I think that we need some kind of central registry for things that use
shared buffiles. It could be that sharedtuplestore.c is further
generalized to support this, or it could be that they both call
something else that takes care of naming. It's not okay to have this
left to random chance.

You're going to have to ask Thomas about this. You should also use
MAXPGPATH for the char buffer on the stack.

* This logtape.c comment needs to be updated, as it's no longer true:

 * successfully.  In general, workers can take it that the leader will
 * reclaim space in files under their ownership, and so should not
 * reread from tape.

* Robert hated the comment changes in the header of nbtsort.c. You
might want to change it back, because he is likely to be the one that
commits this.

* You should look for similar comments in tuplesort.c (IIRC a couple
of places will need to be revised).

* tuplesort_begin_common() should actively reject a randomAccess
parallel case using elog(ERROR).

* tuplesort.h should note that randomAccess isn't supported, too.

* What's this all about?:

+ /* Accessor for the SharedBufFileSet that is at the end of Sharedsort. */
+ #define GetSharedBufFileSet(shared)\
+   ((BufFileSet *) (&(shared)->tapes[(shared)->nTapes]))
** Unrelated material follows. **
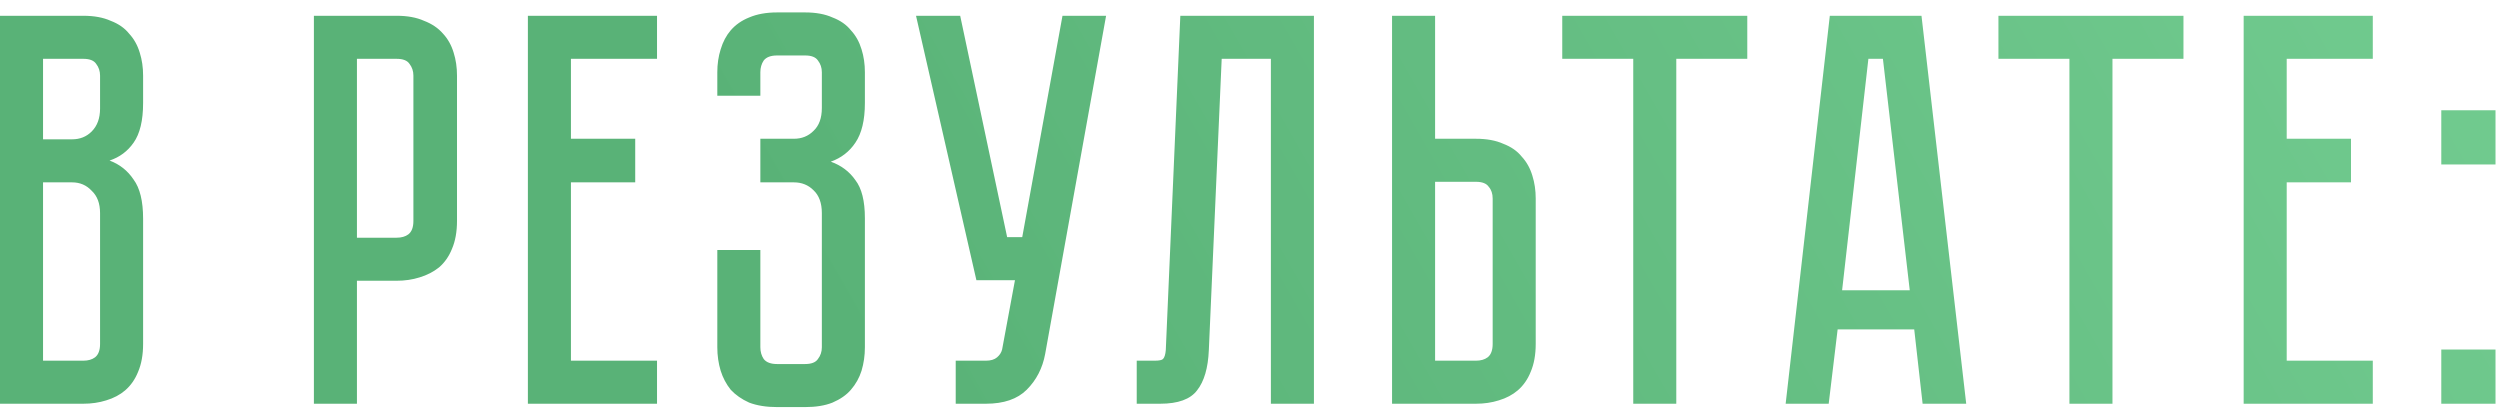 <?xml version="1.0" encoding="UTF-8"?> <svg xmlns="http://www.w3.org/2000/svg" width="161" height="27" viewBox="0 0 161 27" fill="none"> <path d="M5.364 1.016C6.06 1.016 6.648 1.124 7.128 1.34C7.632 1.532 8.028 1.808 8.316 2.168C8.628 2.504 8.856 2.912 9 3.392C9.144 3.848 9.216 4.34 9.216 4.868V6.632C9.216 7.76 9.012 8.612 8.604 9.188C8.22 9.74 7.704 10.124 7.056 10.34C7.704 10.58 8.22 10.988 8.604 11.564C9.012 12.116 9.216 12.956 9.216 14.084V22.148C9.216 22.844 9.108 23.444 8.892 23.948C8.7 24.428 8.424 24.824 8.064 25.136C7.728 25.424 7.32 25.64 6.84 25.784C6.384 25.928 5.892 26 5.364 26H0V1.016H5.364ZM6.444 13.724C6.444 13.1 6.264 12.62 5.904 12.284C5.568 11.924 5.148 11.744 4.644 11.744H2.772V23.228H5.364C5.676 23.228 5.928 23.156 6.12 23.012C6.336 22.844 6.444 22.556 6.444 22.148V13.724ZM6.444 4.868C6.444 4.58 6.36 4.328 6.192 4.112C6.048 3.896 5.772 3.788 5.364 3.788H2.772V8.972H4.644C5.148 8.972 5.568 8.804 5.904 8.468C6.264 8.108 6.444 7.616 6.444 6.992V4.868ZM29.431 14.228C29.431 14.924 29.323 15.524 29.107 16.028C28.915 16.508 28.639 16.904 28.279 17.216C27.919 17.504 27.499 17.72 27.019 17.864C26.563 18.008 26.071 18.08 25.543 18.08H22.987V26H20.215V1.016H25.543C26.239 1.016 26.827 1.124 27.307 1.34C27.811 1.532 28.219 1.808 28.531 2.168C28.843 2.504 29.071 2.912 29.215 3.392C29.359 3.848 29.431 4.34 29.431 4.868V14.228ZM26.623 4.868C26.623 4.58 26.539 4.328 26.371 4.112C26.227 3.896 25.951 3.788 25.543 3.788H22.987V15.308H25.543C25.855 15.308 26.107 15.236 26.299 15.092C26.515 14.924 26.623 14.636 26.623 14.228V4.868ZM42.312 1.016V3.788H36.768V8.936H40.908V11.744H36.768V23.228H42.312V26H33.996V1.016H42.312ZM51.847 0.8C52.543 0.8 53.131 0.908 53.611 1.124C54.115 1.316 54.511 1.592 54.799 1.952C55.111 2.288 55.339 2.696 55.483 3.176C55.627 3.632 55.699 4.124 55.699 4.652V6.632C55.699 7.736 55.495 8.588 55.087 9.188C54.703 9.764 54.175 10.172 53.503 10.412C54.175 10.652 54.703 11.048 55.087 11.6C55.495 12.128 55.699 12.944 55.699 14.048V22.364C55.699 22.892 55.627 23.396 55.483 23.876C55.339 24.332 55.111 24.74 54.799 25.1C54.511 25.436 54.115 25.712 53.611 25.928C53.131 26.12 52.543 26.216 51.847 26.216H50.047C49.351 26.216 48.751 26.12 48.247 25.928C47.767 25.712 47.371 25.436 47.059 25.1C46.771 24.74 46.555 24.332 46.411 23.876C46.267 23.396 46.195 22.892 46.195 22.364V16.1H48.967V22.364C48.967 22.652 49.039 22.904 49.183 23.12C49.351 23.336 49.639 23.444 50.047 23.444H51.847C52.255 23.444 52.531 23.336 52.675 23.12C52.843 22.904 52.927 22.652 52.927 22.364V13.724C52.927 13.076 52.747 12.584 52.387 12.248C52.051 11.912 51.631 11.744 51.127 11.744H48.967V8.936H51.127C51.631 8.936 52.051 8.768 52.387 8.432C52.747 8.096 52.927 7.604 52.927 6.956V4.652C52.927 4.364 52.843 4.112 52.675 3.896C52.531 3.68 52.255 3.572 51.847 3.572H50.047C49.639 3.572 49.351 3.68 49.183 3.896C49.039 4.112 48.967 4.364 48.967 4.652V6.164H46.195V4.652C46.195 4.124 46.267 3.632 46.411 3.176C46.555 2.696 46.771 2.288 47.059 1.952C47.371 1.592 47.767 1.316 48.247 1.124C48.751 0.908 49.351 0.8 50.047 0.8H51.847ZM67.308 22.796C67.14 23.708 66.744 24.476 66.12 25.1C65.52 25.7 64.644 26 63.492 26H61.548V23.228H63.492C63.804 23.228 64.044 23.156 64.212 23.012C64.38 22.868 64.488 22.7 64.536 22.508L65.364 18.044H62.88L58.992 1.016H61.836L64.86 15.272H65.832L68.424 1.016H71.232L67.308 22.796ZM84.617 1.016V26H81.845V3.788H78.677L77.849 22.544C77.801 23.696 77.549 24.56 77.093 25.136C76.661 25.712 75.869 26 74.717 26H73.205V23.228H74.357C74.645 23.228 74.825 23.192 74.897 23.12C74.993 23.024 75.053 22.832 75.077 22.544L76.013 1.016H84.617ZM98.9 22.148C98.9 22.844 98.792 23.444 98.576 23.948C98.384 24.428 98.108 24.824 97.748 25.136C97.412 25.424 97.004 25.64 96.524 25.784C96.068 25.928 95.576 26 95.048 26H89.648V1.016H92.42V8.936H95.048C95.744 8.936 96.332 9.044 96.812 9.26C97.316 9.452 97.712 9.728 98 10.088C98.312 10.424 98.54 10.832 98.684 11.312C98.828 11.768 98.9 12.26 98.9 12.788V22.148ZM96.128 12.788C96.128 12.476 96.044 12.224 95.876 12.032C95.732 11.816 95.456 11.708 95.048 11.708H92.42V23.228H95.048C95.36 23.228 95.612 23.156 95.804 23.012C96.02 22.844 96.128 22.556 96.128 22.148V12.788ZM112.525 1.016V3.788H107.953V26H105.181V3.788H100.609V1.016H112.525ZM123.276 21.212H118.344L117.768 26H114.996L117.84 1.016H123.744L126.624 26H123.816L123.276 21.212ZM122.988 18.692L121.26 3.788H120.324L118.632 18.692H122.988ZM140.615 1.016V3.788H136.043V26H133.271V3.788H128.699V1.016H140.615ZM152.808 1.016V3.788H147.264V8.936H151.404V11.744H147.264V23.228H152.808V26H144.492V1.016H152.808ZM157.219 26V22.508H160.711V26H157.219ZM157.219 7.1H160.711V10.592H157.219V7.1Z" fill="url(#paint0_linear_179_175)"></path> <defs> <linearGradient id="paint0_linear_179_175" x1="55.88" y1="25.2" x2="162.933" y2="-36.065" gradientUnits="userSpaceOnUse"> <stop stop-color="#59B277"></stop> <stop offset="1" stop-color="#76D094"></stop> </linearGradient> </defs> </svg>

You can't just cast from one type to the other without regard for the
underling size of the shared memory buffer, which is what this looks
like to me. This only fails to crash because you're only abusing the
last member in the tapes array for this purpose, and there happens to
be enough shared memory slop that you get away with it. I'm pretty
sure that ltsUnify() ends up clobbering the last/leader tape, which is
a place where BufFileSet is also used, so this is just wrong. You
should rethink the shmem structure a little bit.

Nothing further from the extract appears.